Segment Open

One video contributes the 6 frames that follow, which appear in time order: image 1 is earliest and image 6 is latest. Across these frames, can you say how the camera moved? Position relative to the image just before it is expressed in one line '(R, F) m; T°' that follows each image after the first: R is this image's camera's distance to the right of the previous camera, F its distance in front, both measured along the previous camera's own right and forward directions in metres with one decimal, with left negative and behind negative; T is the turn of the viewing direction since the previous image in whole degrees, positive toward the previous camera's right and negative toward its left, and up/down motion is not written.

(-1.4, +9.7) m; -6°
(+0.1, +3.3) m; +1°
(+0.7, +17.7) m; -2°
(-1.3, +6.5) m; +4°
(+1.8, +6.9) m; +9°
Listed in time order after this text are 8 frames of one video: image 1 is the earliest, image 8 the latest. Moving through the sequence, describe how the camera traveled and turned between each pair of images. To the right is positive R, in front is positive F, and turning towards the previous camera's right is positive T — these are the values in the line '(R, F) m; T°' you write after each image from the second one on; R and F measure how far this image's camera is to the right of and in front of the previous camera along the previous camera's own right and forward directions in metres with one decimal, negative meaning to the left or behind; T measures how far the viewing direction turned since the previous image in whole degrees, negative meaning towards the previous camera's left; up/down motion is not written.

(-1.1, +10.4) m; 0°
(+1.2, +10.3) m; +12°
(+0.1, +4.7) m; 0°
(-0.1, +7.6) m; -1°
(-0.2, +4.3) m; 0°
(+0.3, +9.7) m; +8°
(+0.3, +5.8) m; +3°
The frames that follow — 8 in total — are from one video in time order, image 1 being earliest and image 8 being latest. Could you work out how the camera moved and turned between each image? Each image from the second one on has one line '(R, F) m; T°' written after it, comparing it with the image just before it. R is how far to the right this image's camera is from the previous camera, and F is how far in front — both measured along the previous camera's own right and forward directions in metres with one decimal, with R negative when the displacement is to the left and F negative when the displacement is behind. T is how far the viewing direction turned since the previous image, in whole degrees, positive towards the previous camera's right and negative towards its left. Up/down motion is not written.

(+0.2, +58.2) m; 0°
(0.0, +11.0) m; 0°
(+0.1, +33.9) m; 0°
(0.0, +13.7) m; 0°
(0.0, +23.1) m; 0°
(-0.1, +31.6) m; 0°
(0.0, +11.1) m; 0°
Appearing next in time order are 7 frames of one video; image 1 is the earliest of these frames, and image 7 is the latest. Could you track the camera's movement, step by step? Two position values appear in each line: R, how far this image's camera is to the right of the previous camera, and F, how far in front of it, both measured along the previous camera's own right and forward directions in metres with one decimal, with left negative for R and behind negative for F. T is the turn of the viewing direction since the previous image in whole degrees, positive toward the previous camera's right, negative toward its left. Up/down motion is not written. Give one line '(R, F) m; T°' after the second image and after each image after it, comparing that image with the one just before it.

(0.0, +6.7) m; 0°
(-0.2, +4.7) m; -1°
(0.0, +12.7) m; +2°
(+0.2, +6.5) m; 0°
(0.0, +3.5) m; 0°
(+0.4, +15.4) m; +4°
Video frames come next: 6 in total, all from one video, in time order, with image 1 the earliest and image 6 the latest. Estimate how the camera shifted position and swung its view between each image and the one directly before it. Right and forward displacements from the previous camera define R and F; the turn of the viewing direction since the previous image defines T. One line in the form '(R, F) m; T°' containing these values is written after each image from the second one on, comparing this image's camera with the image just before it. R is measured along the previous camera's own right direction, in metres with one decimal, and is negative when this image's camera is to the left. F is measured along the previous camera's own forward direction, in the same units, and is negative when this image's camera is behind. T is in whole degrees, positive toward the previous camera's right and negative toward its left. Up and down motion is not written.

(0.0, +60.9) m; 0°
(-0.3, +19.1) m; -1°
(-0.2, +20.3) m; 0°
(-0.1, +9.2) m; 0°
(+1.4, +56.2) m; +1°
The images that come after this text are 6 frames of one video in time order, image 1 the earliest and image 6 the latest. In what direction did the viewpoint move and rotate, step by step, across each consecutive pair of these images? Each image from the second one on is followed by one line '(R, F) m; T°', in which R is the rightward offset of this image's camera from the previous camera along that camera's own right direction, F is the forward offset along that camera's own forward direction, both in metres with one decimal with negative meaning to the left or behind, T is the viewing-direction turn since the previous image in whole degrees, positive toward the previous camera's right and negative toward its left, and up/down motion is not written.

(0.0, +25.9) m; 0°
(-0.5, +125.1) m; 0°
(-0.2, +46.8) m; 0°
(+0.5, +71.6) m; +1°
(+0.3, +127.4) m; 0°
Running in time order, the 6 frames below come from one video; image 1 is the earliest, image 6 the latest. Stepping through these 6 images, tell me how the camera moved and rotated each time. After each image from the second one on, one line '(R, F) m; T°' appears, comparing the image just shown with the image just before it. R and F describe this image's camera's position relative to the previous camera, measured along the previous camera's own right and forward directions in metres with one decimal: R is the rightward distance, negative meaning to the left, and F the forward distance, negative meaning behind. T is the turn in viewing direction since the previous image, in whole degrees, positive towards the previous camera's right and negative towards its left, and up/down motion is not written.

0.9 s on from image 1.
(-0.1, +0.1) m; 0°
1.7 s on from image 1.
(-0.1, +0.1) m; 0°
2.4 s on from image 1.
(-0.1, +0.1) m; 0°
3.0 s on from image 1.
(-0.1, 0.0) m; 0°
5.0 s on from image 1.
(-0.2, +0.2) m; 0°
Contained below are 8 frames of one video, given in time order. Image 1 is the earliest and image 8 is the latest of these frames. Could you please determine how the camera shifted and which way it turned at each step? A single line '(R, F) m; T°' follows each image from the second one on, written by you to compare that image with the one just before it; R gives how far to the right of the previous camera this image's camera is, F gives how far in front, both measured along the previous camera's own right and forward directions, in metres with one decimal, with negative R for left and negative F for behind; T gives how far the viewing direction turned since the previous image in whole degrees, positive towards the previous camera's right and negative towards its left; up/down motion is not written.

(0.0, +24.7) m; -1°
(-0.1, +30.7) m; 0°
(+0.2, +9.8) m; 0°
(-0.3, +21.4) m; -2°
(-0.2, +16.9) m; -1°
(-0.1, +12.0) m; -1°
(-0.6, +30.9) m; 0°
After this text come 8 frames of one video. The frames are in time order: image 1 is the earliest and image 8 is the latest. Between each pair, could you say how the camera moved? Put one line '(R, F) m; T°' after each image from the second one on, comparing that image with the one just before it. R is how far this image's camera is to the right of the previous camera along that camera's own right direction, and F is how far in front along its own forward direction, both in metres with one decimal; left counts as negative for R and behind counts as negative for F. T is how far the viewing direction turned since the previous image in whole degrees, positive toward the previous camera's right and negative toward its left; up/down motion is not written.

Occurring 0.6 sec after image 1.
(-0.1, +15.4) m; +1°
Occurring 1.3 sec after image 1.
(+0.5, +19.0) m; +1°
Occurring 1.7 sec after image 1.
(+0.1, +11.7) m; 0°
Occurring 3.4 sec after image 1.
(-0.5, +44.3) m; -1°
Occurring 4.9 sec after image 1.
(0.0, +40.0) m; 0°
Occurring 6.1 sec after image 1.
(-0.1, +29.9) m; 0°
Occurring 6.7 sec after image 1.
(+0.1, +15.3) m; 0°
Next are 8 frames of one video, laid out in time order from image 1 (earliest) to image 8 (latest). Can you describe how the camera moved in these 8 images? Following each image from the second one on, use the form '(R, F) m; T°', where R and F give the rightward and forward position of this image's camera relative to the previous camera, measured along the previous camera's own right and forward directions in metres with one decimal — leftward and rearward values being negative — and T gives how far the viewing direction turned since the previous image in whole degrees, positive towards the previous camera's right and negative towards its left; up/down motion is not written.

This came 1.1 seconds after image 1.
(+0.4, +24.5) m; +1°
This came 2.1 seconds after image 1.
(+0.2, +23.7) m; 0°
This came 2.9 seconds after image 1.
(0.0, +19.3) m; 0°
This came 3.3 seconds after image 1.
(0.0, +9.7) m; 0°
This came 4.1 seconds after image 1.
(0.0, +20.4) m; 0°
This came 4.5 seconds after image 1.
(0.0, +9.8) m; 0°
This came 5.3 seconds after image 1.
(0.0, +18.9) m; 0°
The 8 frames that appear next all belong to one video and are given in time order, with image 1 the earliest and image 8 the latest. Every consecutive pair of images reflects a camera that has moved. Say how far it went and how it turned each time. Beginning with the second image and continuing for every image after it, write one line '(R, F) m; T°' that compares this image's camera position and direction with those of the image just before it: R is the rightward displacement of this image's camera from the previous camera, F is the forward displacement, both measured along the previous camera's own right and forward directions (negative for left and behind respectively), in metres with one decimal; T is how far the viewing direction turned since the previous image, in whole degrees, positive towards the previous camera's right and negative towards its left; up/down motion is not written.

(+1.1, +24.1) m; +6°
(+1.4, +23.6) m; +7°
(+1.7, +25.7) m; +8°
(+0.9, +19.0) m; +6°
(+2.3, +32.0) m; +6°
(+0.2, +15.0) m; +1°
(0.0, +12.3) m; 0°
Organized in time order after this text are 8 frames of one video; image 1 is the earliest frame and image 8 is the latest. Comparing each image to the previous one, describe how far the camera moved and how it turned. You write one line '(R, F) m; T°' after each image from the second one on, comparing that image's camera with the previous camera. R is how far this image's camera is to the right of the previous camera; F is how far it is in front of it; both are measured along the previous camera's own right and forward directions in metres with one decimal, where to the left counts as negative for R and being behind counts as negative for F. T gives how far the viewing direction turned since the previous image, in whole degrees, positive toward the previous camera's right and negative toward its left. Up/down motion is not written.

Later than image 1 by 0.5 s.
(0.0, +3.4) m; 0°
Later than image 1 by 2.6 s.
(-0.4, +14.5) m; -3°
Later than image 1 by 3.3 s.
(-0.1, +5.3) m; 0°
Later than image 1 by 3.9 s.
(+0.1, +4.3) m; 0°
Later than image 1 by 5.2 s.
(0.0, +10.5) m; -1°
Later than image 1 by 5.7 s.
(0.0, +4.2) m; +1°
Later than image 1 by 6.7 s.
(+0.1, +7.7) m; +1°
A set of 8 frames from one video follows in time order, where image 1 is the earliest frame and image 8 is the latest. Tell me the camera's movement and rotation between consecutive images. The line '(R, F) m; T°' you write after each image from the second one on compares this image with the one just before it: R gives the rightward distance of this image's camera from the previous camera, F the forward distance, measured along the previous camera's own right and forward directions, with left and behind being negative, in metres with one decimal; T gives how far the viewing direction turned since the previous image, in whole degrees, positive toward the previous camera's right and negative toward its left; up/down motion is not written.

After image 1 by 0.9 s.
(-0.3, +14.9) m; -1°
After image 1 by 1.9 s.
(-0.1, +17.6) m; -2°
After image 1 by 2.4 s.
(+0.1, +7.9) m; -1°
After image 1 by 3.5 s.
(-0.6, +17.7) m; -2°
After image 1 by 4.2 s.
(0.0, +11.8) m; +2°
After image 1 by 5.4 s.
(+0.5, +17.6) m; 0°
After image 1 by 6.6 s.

Segment Closed

**WHAT TO PRODUCE:**
Print only these lines, exactly: the one containing "After image 1 by 3.5 s." and all after it to the end of the entries.

**EXERCISE RESPONSE:**
After image 1 by 3.5 s.
(-0.6, +17.7) m; -2°
After image 1 by 4.2 s.
(0.0, +11.8) m; +2°
After image 1 by 5.4 s.
(+0.5, +17.6) m; 0°
After image 1 by 6.6 s.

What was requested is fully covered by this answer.